SCHULZ: Yeah. There were only two occasions. One was a long time ago; Linus's blanket suddenly took on a life [of its own] and began to attack Lucy. Larry Rutman called; this scared him to death. He thought for sure that it would frighten children, that the blanket doing this would frighten the child reader. Which was ridiculous, when you think of the things that they see in other places. I remember I finished up the little series and let it go at that. Later on, when Franklin was introduced into the strip, the little black kid - I could have put him in long before that, but for other reasons, I didn't. I didn't want to intrude upon the work of others, so I held off on that. But I finally put Franklin in, and there was one strip where Charlie Brown and Franklin had been playing on the beach, and Franklin said, "Well, it's been nice being with you, come on over to my house some time." Again, they didn't like that. Another editor protested once when Franklin was sitting in the same row of school desks with Peppermint Patty, and said, "We have enough trouble here in the South without you showing the kids together in school." But I never paid any attention to those things, and I remember telling Larry (comment: Larry Rutman, president of the United Features syndicate)

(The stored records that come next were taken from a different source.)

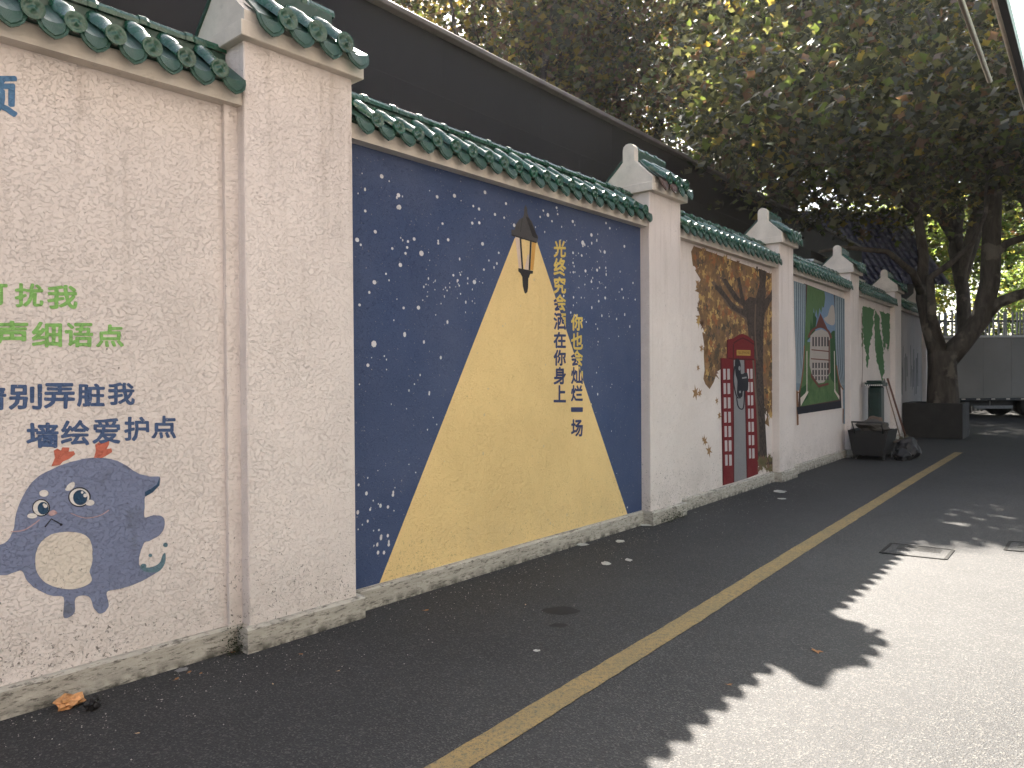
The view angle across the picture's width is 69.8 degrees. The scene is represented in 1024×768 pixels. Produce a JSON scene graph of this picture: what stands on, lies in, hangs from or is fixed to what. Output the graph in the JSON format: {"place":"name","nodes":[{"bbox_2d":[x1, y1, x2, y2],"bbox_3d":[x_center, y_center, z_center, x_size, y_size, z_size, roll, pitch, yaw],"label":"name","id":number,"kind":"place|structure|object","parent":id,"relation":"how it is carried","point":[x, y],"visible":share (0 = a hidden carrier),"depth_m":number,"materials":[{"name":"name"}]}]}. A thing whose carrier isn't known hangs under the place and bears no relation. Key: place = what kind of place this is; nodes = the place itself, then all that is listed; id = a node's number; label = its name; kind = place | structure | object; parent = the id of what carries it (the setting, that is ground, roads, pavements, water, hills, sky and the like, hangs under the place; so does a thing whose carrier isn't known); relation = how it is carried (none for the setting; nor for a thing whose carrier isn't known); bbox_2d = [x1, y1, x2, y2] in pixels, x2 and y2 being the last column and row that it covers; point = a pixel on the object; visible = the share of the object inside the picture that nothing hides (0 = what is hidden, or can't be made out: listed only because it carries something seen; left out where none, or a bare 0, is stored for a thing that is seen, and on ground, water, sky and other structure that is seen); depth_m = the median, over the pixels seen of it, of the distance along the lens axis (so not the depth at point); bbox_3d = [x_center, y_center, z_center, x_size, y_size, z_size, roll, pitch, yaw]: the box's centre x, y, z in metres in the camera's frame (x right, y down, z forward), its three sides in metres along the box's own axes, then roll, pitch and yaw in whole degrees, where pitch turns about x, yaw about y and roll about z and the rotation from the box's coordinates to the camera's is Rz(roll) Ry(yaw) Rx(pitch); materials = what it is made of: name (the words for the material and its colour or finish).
{"place":"outdoors","nodes":[
{"label":"outdoors","id":0,"kind":"place"},
{"bbox_2d":[390,0,464,25],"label":"plane tree","id":1,"kind":"object","parent":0,"point":[419,12],"depth_m":25.27,"materials":[{"name":"green plant"}]},
{"bbox_2d":[0,406,1023,767],"bbox_3d":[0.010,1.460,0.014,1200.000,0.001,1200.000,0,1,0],"label":"road","id":2,"kind":"structure","parent":0,"point":[916,662],"depth_m":3.75,"materials":[{"name":"grey asphalt"}]},
{"bbox_2d":[53,691,85,710],"bbox_3d":[-1.967,1.412,3.272,0.091,0.061,0.124,0,1,32],"label":"dry fallen leaf","id":3,"kind":"object","parent":2,"relation":"on","point":[65,701],"visible":1,"depth_m":3.25,"materials":[{"name":"orange plant"}]},
{"bbox_2d":[83,695,101,711],"bbox_3d":[-1.857,1.411,3.248,0.071,0.061,0.062,-1,1,-25],"label":"crumpled bag","id":4,"kind":"object","parent":2,"relation":"on","point":[91,703],"visible":1,"depth_m":3.23,"materials":[{"name":"black plastic"}]},
{"bbox_2d":[175,667,187,671],"bbox_3d":[-1.656,1.432,3.677,0.057,0.009,0.057,0,1,0],"label":"paper scrap","id":5,"kind":"object","parent":2,"relation":"on","point":[181,669],"visible":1,"depth_m":3.67,"materials":[{"name":"white paper"}]},
{"bbox_2d":[4,484,825,765],"bbox_3d":[0.337,1.407,5.223,1.261,0.004,12.225,0,1,40],"label":"grit","id":6,"kind":"object","parent":2,"relation":"on","point":[320,634],"visible":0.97,"depth_m":3.84,"materials":[{"name":"grey gravel"}]},
{"bbox_2d":[220,507,687,656],"bbox_3d":[0.212,1.300,5.819,0.148,0.227,5.270,0,1,41],"label":"moss","id":7,"kind":"object","parent":2,"relation":"on","point":[241,645],"visible":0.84,"depth_m":3.92,"materials":[{"name":"plant"}]},
{"bbox_2d":[0,0,927,720],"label":"boundary wall","id":8,"kind":"structure","parent":2,"relation":"on","point":[298,338],"depth_m":4.26,"materials":[{"name":"white paint"}]},
{"bbox_2d":[96,0,862,262],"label":"black building","id":9,"kind":"structure","parent":2,"relation":"on","point":[420,65],"depth_m":10.19,"materials":[{"name":"black"}]},
{"bbox_2d":[395,0,658,123],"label":"plane tree","id":10,"kind":"object","parent":2,"relation":"on","point":[469,22],"visible":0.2,"depth_m":22.08,"materials":[{"name":"green plant"}]},
{"bbox_2d":[410,0,658,131],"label":"plane tree","id":11,"kind":"object","parent":2,"relation":"on","point":[530,51],"depth_m":32.12,"materials":[{"name":"green plant"}]},
{"bbox_2d":[549,623,567,626],"bbox_3d":[0.272,1.417,4.309,0.112,0.001,0.073,0,1,0],"label":"oil stain","id":12,"kind":"object","parent":2,"relation":"on","point":[558,625],"visible":1,"depth_m":4.31,"materials":[{"name":"black liquid"}]},
{"bbox_2d":[541,606,579,614],"bbox_3d":[0.303,1.414,4.578,0.235,0.001,0.158,-1,1,-16],"label":"oil stain","id":13,"kind":"object","parent":2,"relation":"on","point":[562,610],"visible":1,"depth_m":4.58,"materials":[{"name":"black liquid"}]},
{"bbox_2d":[468,0,787,160],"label":"plane tree","id":14,"kind":"object","parent":2,"relation":"on","point":[613,75],"visible":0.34,"depth_m":23.13,"materials":[{"name":"green plant"}]},
{"bbox_2d":[424,452,962,767],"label":"lane line","id":15,"kind":"object","parent":2,"relation":"on","point":[470,753],"visible":1,"depth_m":3.79,"materials":[{"name":"yellow paint"}]},
{"bbox_2d":[634,8,812,195],"bbox_3d":[10.744,-11.726,38.434,16.349,25.578,12.727,0,1,0],"label":"plane tree","id":16,"kind":"object","parent":2,"relation":"on","point":[752,167],"depth_m":37.77,"materials":[{"name":"green plant"}]},
{"bbox_2d":[773,490,786,492],"bbox_3d":[3.343,1.339,9.149,0.159,0.023,0.191,0,1,0],"label":"paper scrap","id":17,"kind":"object","parent":2,"relation":"on","point":[779,491],"visible":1,"depth_m":9.12,"materials":[{"name":"white paper"}]},
{"bbox_2d":[634,0,934,210],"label":"plane tree","id":18,"kind":"object","parent":2,"relation":"on","point":[845,3],"visible":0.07,"depth_m":24.08,"materials":[{"name":"green plant"}]},
{"bbox_2d":[848,421,897,459],"bbox_3d":[6.252,0.961,12.762,0.634,0.673,1.053,0,1,38],"label":"rubbish cart","id":19,"kind":"object","parent":2,"relation":"on","point":[873,443],"visible":0.97,"depth_m":12.53,"materials":[{"name":"metal"}]},
{"bbox_2d":[855,418,889,430],"bbox_3d":[6.301,0.720,12.827,0.555,0.233,0.516,0,1,22],"label":"sack","id":20,"kind":"object","parent":19,"relation":"on","point":[870,426],"visible":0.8,"depth_m":12.67,"materials":[{"name":"grey fabric"}]},
{"bbox_2d":[867,416,882,420],"bbox_3d":[6.453,0.629,13.047,0.232,0.129,0.234,-1,1,-41],"label":"cloth bundle","id":21,"kind":"object","parent":20,"relation":"on","point":[877,418],"visible":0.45,"depth_m":12.98,"materials":[{"name":"fabric"}]},
{"bbox_2d":[799,211,949,298],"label":"tiled house","id":22,"kind":"structure","parent":2,"relation":"on","point":[904,251],"depth_m":28.85,"materials":[{"name":"tile"}]},
{"bbox_2d":[865,380,887,421],"bbox_3d":[6.889,0.608,13.886,0.320,1.350,0.406,0,1,38],"label":"rubbish bin","id":23,"kind":"object","parent":2,"relation":"on","point":[876,398],"visible":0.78,"depth_m":13.76,"materials":[{"name":"metal"}]},
{"bbox_2d":[870,393,878,416],"bbox_3d":[6.797,0.575,13.767,0.160,0.820,0.010,0,1,38],"label":"door","id":24,"kind":"structure","parent":23,"relation":"in","point":[874,397],"depth_m":13.76,"materials":[{"name":"green paint"}]},
{"bbox_2d":[884,378,903,438],"bbox_3d":[7.803,0.575,14.961,0.409,1.383,0.166,0,1,16],"label":"broom","id":25,"kind":"object","parent":2,"relation":"on","point":[901,437],"visible":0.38,"depth_m":14.97,"materials":[{"name":"brown wood"}]},
{"bbox_2d":[887,378,908,437],"bbox_3d":[8.075,0.568,15.358,0.526,1.386,0.178,0,1,2],"label":"broom","id":26,"kind":"object","parent":2,"relation":"on","point":[897,410],"visible":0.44,"depth_m":15.31,"materials":[{"name":"brown wood"}]},
{"bbox_2d":[892,448,911,460],"bbox_3d":[6.635,1.191,12.476,0.306,0.213,0.240,-1,1,-17],"label":"bag","id":27,"kind":"object","parent":2,"relation":"on","point":[902,454],"visible":1,"depth_m":12.39,"materials":[{"name":"grey plastic"}]},
{"bbox_2d":[894,436,921,458],"bbox_3d":[6.833,1.096,12.700,0.396,0.396,0.364,0,1,44],"label":"bag","id":28,"kind":"object","parent":2,"relation":"on","point":[909,443],"visible":0.7,"depth_m":12.61,"materials":[{"name":"grey plastic"}]},
{"bbox_2d":[810,0,1019,412],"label":"plane tree","id":29,"kind":"object","parent":2,"relation":"on","point":[961,267],"visible":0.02,"depth_m":26.79,"materials":[{"name":"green plant"}]},
{"bbox_2d":[809,145,1023,335],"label":"broadleaf tree","id":30,"kind":"object","parent":2,"relation":"on","point":[940,253],"visible":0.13,"depth_m":34.11,"materials":[{"name":"green plant"}]},
{"bbox_2d":[879,543,954,559],"bbox_3d":[3.336,1.383,6.043,0.505,0.016,0.445,0,1,35],"label":"drain cover","id":31,"kind":"object","parent":2,"relation":"on","point":[917,551],"visible":1,"depth_m":6.04,"materials":[{"name":"metal"}]},
{"bbox_2d":[903,401,968,438],"bbox_3d":[9.946,0.831,17.209,1.200,0.800,1.200,0,1,38],"label":"tree planter","id":32,"kind":"object","parent":2,"relation":"on","point":[922,419],"visible":0.88,"depth_m":16.73,"materials":[{"name":"concrete"}]},
{"bbox_2d":[631,0,1023,402],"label":"plane tree","id":33,"kind":"object","parent":32,"relation":"in","point":[898,157],"visible":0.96,"depth_m":15.28,"materials":[{"name":"green plant"}]},
{"bbox_2d":[932,3,1023,214],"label":"plane tree","id":34,"kind":"object","parent":2,"relation":"on","point":[980,194],"visible":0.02,"depth_m":20.65,"materials":[{"name":"green plant"}]},
{"bbox_2d":[938,312,1023,410],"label":"slat fence","id":35,"kind":"object","parent":2,"relation":"on","point":[998,321],"visible":0.26,"depth_m":28.96,"materials":[{"name":"metal"}]},
{"bbox_2d":[944,335,1023,415],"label":"box truck","id":36,"kind":"object","parent":2,"relation":"on","point":[990,370],"visible":0.49,"depth_m":23.94,"materials":[{"name":"white paint"}]},
{"bbox_2d":[949,327,1022,335],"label":"hedge","id":37,"kind":"object","parent":2,"relation":"on","point":[996,333],"depth_m":32.72,"materials":[{"name":"green plant"}]},
{"bbox_2d":[957,0,1023,107],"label":"glass awning","id":38,"kind":"object","parent":2,"relation":"on","point":[1010,15],"visible":1,"depth_m":3.67,"materials":[{"name":"white"}]},
{"bbox_2d":[968,220,1023,334],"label":"broadleaf tree","id":39,"kind":"object","parent":2,"relation":"on","point":[1017,271],"visible":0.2,"depth_m":39.51,"materials":[{"name":"green plant"}]},
{"bbox_2d":[1003,541,1023,551],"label":"drain cover","id":40,"kind":"object","parent":2,"relation":"on","point":[1017,546],"visible":1,"depth_m":6.18,"materials":[{"name":"metal"}]},
{"bbox_2d":[394,0,1023,334],"label":"sky","id":41,"kind":"structure","parent":0,"point":[942,318],"materials":[{"name":"white"}]},
{"bbox_2d":[808,259,865,282],"bbox_3d":[5.762,-0.581,15.126,1.973,3.721,3.900,0,1,38],"label":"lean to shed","id":42,"kind":"object","parent":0,"point":[821,263],"visible":0.1,"depth_m":13.26,"materials":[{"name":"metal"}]},
{"bbox_2d":[998,26,1023,230],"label":"plane tree","id":43,"kind":"object","parent":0,"point":[1012,211],"visible":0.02,"depth_m":28.27,"materials":[{"name":"green plant"}]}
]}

at the time about Franklin—he wanted me to change it, and we talked about it for a long while on the phone, and I finally sighed and said, "Well, Larry, let's put it this way: Either you print it just the way I draw it or I quit. How's that?" So that's the way that ended. But I've never done much with Franklin, because I don't do race things. I'm not an expert on race, I don't know what it's like to grow up as a little black boy, and I don't think you should draw things unless you really understand them, unless you're just out to stir things up or to try to teach people different things. I'm not in this business to instruct; I'm just in it to be funny. Now and then I may instruct a few things, but I'm not out to grind a lot of axes. Let somebody else do it who's an expert on that, not me.